Sounds great doesn’t it?  Frankly yes it does but like all new ideas it must pass the gauntlet of skeptics before it can find its place in the general marketplace.  Most have been pointing out that while this technique solves the problem of biomass is runs into problems of its own:

Pienkos said his calculations, based on information in Joule’s recent paper, indicate that though they eliminate biomass problems, their technology leaves relatively small amounts of fuel in relatively large amounts of water, producing a sort of “sheen.” They may not be dealing with biomass, but the company is facing complicated “engineering issues” in order to recover large amounts of its fuel efficiently, he said.

However I have a different problem with this sort of technology.  First of all I admit to not being an expert on the process but it would seem to me that while biofuels may solve one problem, removing us from the economic and political shackles of foreign oil, it does nothing to address the rather large elephant in the room of climate change.  If the cyanobacteria are truly producing hydrocarbons than how exactly will the end result be any different from what we have now.  The transportation sector is one of the largest emitters of greenhouse gases and any attempt to address global climate change without addressing that fact is doomed from the start.  The article mentions using the CO2 emissions from power plants as a potential benefit but if the carbon is simply being released back into the atmosphere through tailpipes then I question whether there is a benefit at all.
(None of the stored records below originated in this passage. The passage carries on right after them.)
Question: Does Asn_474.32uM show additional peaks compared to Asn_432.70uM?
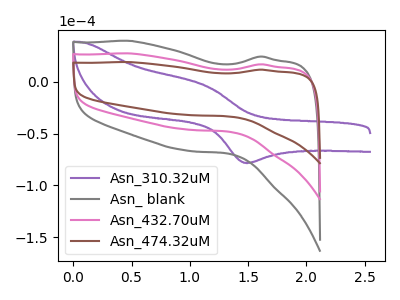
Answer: <think>The purple curve "Asn_310.32uM" has an anodic peak at (1.15V, -3.75uA) and a cathodic peak at (1.45V, -78.25uA). The gray curve "Asn_ blank" has no peaks. The pink curve "Asn_432.70uM" has no peaks. The brown curve "Asn_474.32uM" has no peaks.
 Neither "Asn_474.32uM" or "Asn_432.70uM" have any peaks.</think>
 <answer>No, "Asn_474.32uM" and "Asn_432.70uM" don't appear to be significantly different in shape</answer>
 <eval>no_change</eval>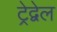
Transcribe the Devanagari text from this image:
ट्रेद्वेल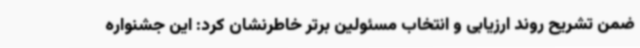
ضمن تشریح روند ارزیابی و انتخاب مسئولین برتر خاطرنشان کرد: این جشنواره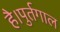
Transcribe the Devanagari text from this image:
है।पुर्तगाल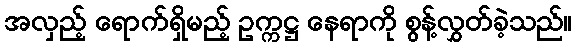
အလှည့် ရောက်ရှိမည့် ဥက္ကဋ္ဌ နေရာကို စွန့်လွှတ်ခဲ့သည်။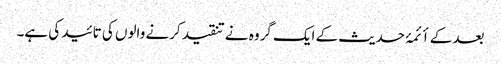
بعد کے أئمۂ حدیث کے ایک گروہ نے تنقید کرنے والوں کی تائید کی ہے۔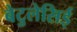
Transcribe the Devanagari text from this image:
बेटुलेसिई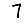
Digit: 7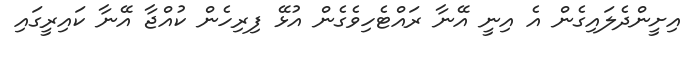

This is my least favorite kind of post to write because when it comes right down to it I’m supportive of this kind of technology.  Used correctly it has the potential to be a powerful force for the kind of change we need to see if we want to prevent some of the serious problems were facing, not just climate change but the aforementioned ball and chain of foreign oil strangling our economic and political climate.  However we cannot be so proud of our own ingenuity that we become blind to what effects our creations will actually have on the world.